Poster
in
Workshop: Topology, Algebra, and Geometry in Machine Learning
A Geometrical Approach to Finding Difficult Examples in Language
Debo Datta · Shashwat Kumar · Laura Barnes · P. Thomas Fletcher
A growing body of evidence has suggested that metrics like accuracy overestimate the classifier's generalization ability. Several state-of-the-art NLP classifiers like BERT and LSTM rely on superficial cue words(e.g., if a movie review has the word “romantic”, the review tends to be positive), or unnecessary words (e.g., learning a proper noun to classify a movie as positive or negative). One approach to test NLP classifiers for such fragilities is analogous to how teachers discover gaps in a student's understanding: by finding problems where small perturbations confuse the student. While several perturbation strategies like contrast sets or random word substitutions have been proposed, they are typically based on heuristics and/or require expensive human involvement. In this work, using tools from information geometry, we propose a principled way to quantify the fragility of an example for an NLP classifier.
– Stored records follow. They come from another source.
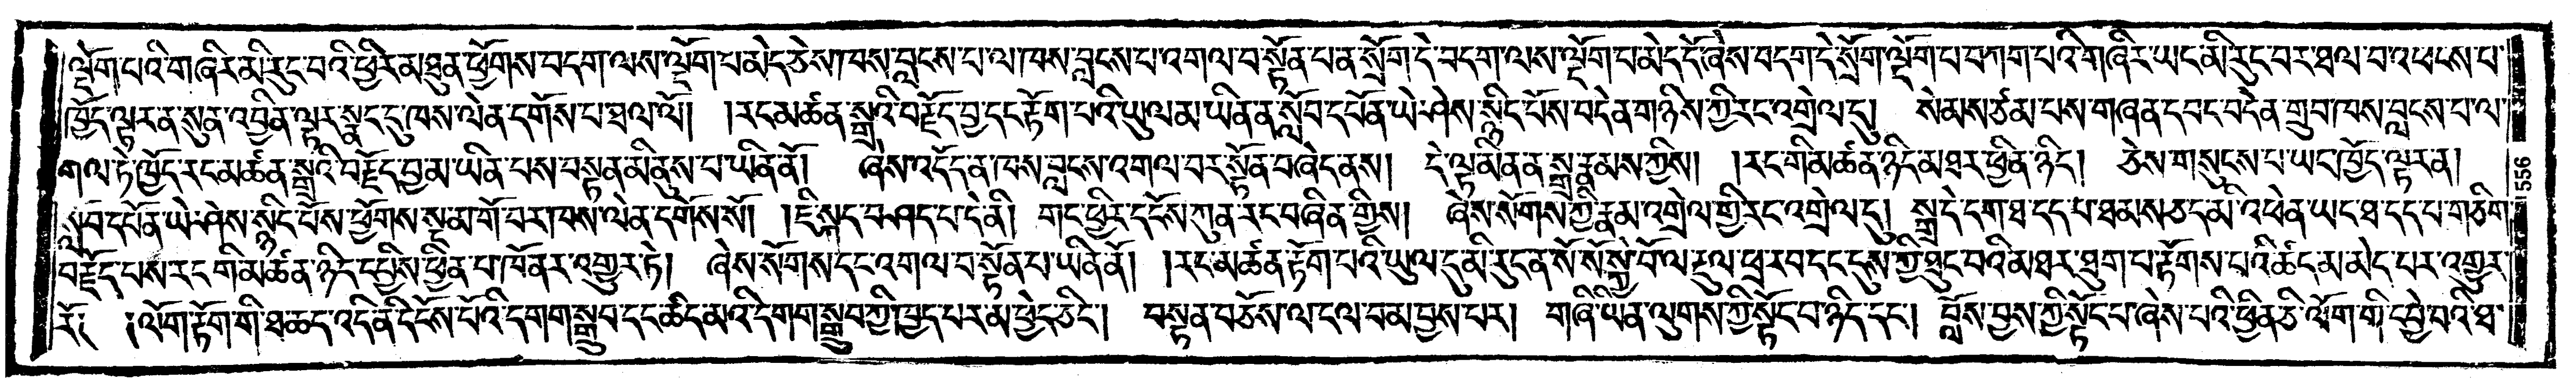ལྡོག་པའི་གཞིར་མི་རུང་བའི་ཕྱིར་མཐུན་ཕྱོགས་བདག་ལས་ལྡོག་པ་མེད་ཅེས་ཁས་བླངས་པ་ལ་ཁས་བླངས་པ་འགལ་བ་སྟོན་པ་ན་སྲོག་དེ་བདག་ལས་ལྡོག་པ་མེད་དོ་ཞེས་བདག་དེ་སྲོག་ལྡོག་པ་བཀག་པའི་གཞིར་ཡང་མི་རུང་བར་ཐལ་བ་འཕངས་པ་
ཁྱོད་ལྟར་ན་སུན་འབྱིན་ལྟར་སྣང་དུ་ཁས་ལེན་དགོས་པ་ཐལ་ལོ། །རང་མཚན་སྒྲའི་བརྗོད་བྱ་དང་རྟོག་པའི་ཡུལ་མ་ཡིན་ན་སློབ་དཔོན་ཡེ་ཤེས་སྙིང་པོས་བདེན་གཉིས་ཀྱི་རང་འགྲེལ་དུ། སེམས་ཙམ་པས་གཞན་དབང་བདེན་གྲུབ་ཁས་བླངས་པ་ལ་
གལ་ཏེ་ཁྱོད་རང་མཚན་སྒྲའི་བརྗོད་བྱ་མ་ཡིན་པས་བསྟན་མི་ནུས་པ་ཡིན་ནོ། ཞེས་འདོད་ན་ཁས་བླངས་འགལ་བར་སྟོན་བཞེད་ནས། དེ་ལྟ་མིན་ན་སྒྲ་རྣམས་ཀྱིས། །རང་གི་མཚན་ཉིད་མཐར་ཕྱིན་ཉིད། ཅེས་གསུངས་པ་ཡང་ཁྱོད་ལྟར་ན།
སློབ་དཔོན་ཡེ་ཤེས་སྙིང་པོས་ཕྱོགས་སྔ་མ་གོ་བར་ཁས་ལེན་དགོས་སོ། །ཇི་སྐད་བཤད་པ་དེ་ནི། གང་ཕྱིར་དངོས་ཀུན་རང་བཞིན་གྱིས། ཞེས་སོགས་ཀྱི་རྣམ་འགྲེལ་གྱི་རང་འགྲེལ་དུ། སྒྲ་དེ་དག་ཐ་དད་པ་ཐམས་ཅད་མི་འཕེན་ཡང་ཐ་དད་པ་གཅིག་
བརྗོད་པས་རང་གི་མཚན་ཉིད་དཔྱིས་ཕྱིན་པ་ཁོ་ནར་འགྱུར་ཏེ། ཞེས་སོགས་དང་འགལ་བ་སྟོན་པ་ཡིན་ནོ། །རང་མཚན་རྟོག་པའི་ཡུལ་དུ་མི་རུང་ན་སོ་སོ་སྐྱེ་བོ་ལ་རྡུལ་ཕྲ་རབ་དང་དུས་ཀྱི་ཐུང་བའི་མཐར་ཐུག་པ་རྟོགས་པའི་ཚད་མ་མེད་པར་འགྱུར་
རོ༑ ༑ལོག་རྟོག་གི་ཐ་ཆད་འདི་ནི་དངོས་པོའི་དགག་སྒྲུབ་དང་ཚད་མའི་དགག་སྒྲུབ་ཀྱི་ཁྱད་པར་མི་ཕྱེད་ཅིང་། བསྟན་བཅོས་ལ་ངལ་བ་མ་བྱས་པར། གཞི་ཡིན་ལུགས་ཀྱི་སྟོང་བ་ཉིད་དང་། བློས་བྱས་ཀྱི་སྟོང་པ་ཞེས་པའི་ཕྱིན་ཅི་ལོག་གི་དབྱེ་བའི་ཐ་

By discovering such fragile examples for several state-of-the-art NLP models like BERT, LSTM, and CNN, we demonstrate their susceptibility to meaningless perturbations like noun/synonym substitution, causing their accuracy to drop down to 20 percent in some cases. Our approach is simple, architecture agnostic, and can be used to study the fragilities of text classification models. All the code used will be made publicly available, including a tool to explore the fragile examples for multiple datasets and models.